[Data for this task Boundary: Start]

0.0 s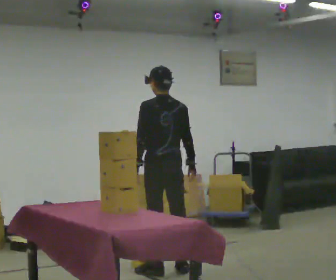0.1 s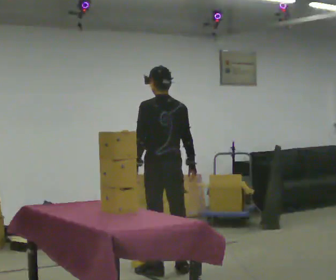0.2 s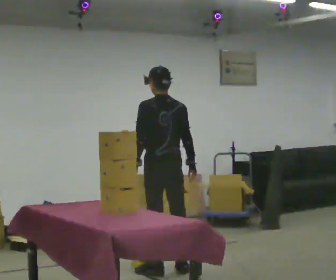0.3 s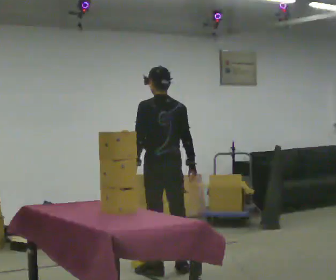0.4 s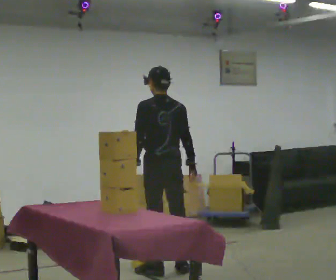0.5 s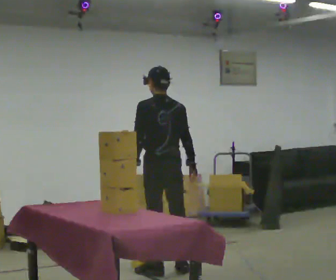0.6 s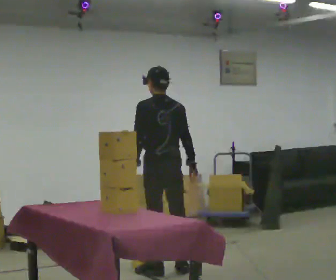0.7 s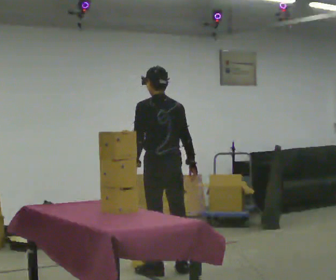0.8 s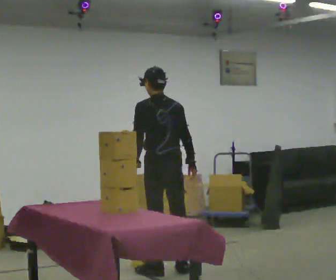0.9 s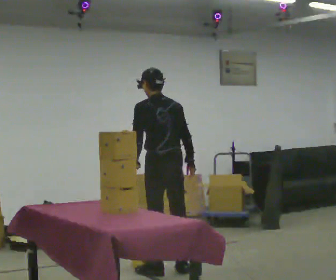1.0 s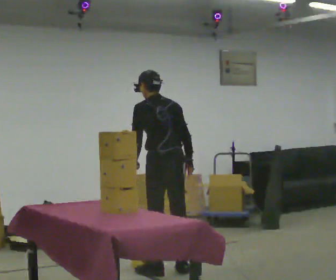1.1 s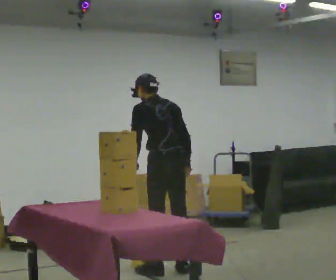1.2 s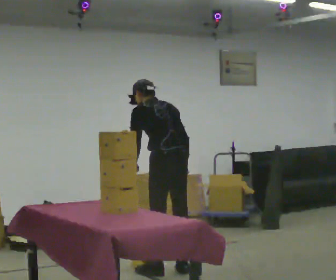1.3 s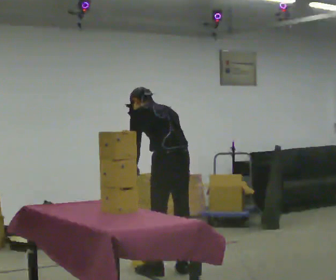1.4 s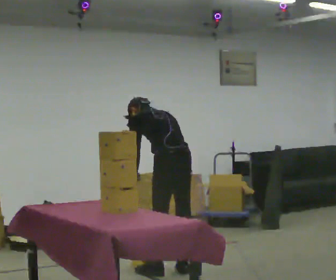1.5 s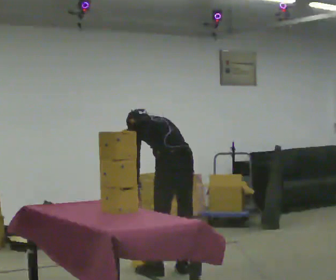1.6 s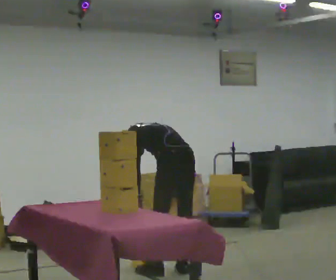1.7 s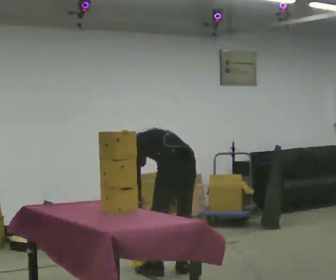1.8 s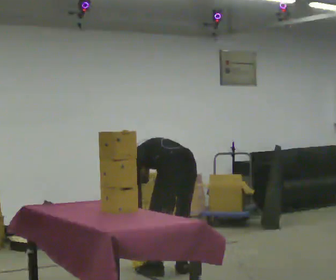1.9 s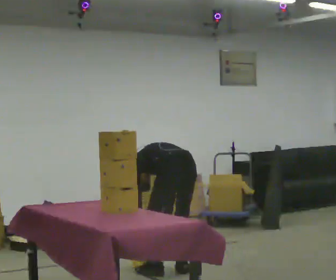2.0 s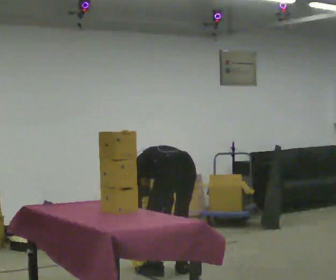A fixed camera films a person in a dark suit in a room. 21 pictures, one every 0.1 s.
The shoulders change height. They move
downward.
The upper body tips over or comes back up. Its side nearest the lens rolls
upward.
0.0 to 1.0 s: The person moves a little, or ends about where they began.
1.0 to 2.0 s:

[Data for this task Boundary: End]

* [Exercise prompt] Copy each line exactly, beginning at the one with "The shoulders change height. They move" and stopping after the last line of the entries. Include nothing else.

* [Finished task]
The shoulders change height. They move
downward.
The upper body tips over or comes back up. Its side nearest the lens rolls
upward.
0.0 to 1.0 s: The person moves a little, or ends about where they began.
1.0 to 2.0 s:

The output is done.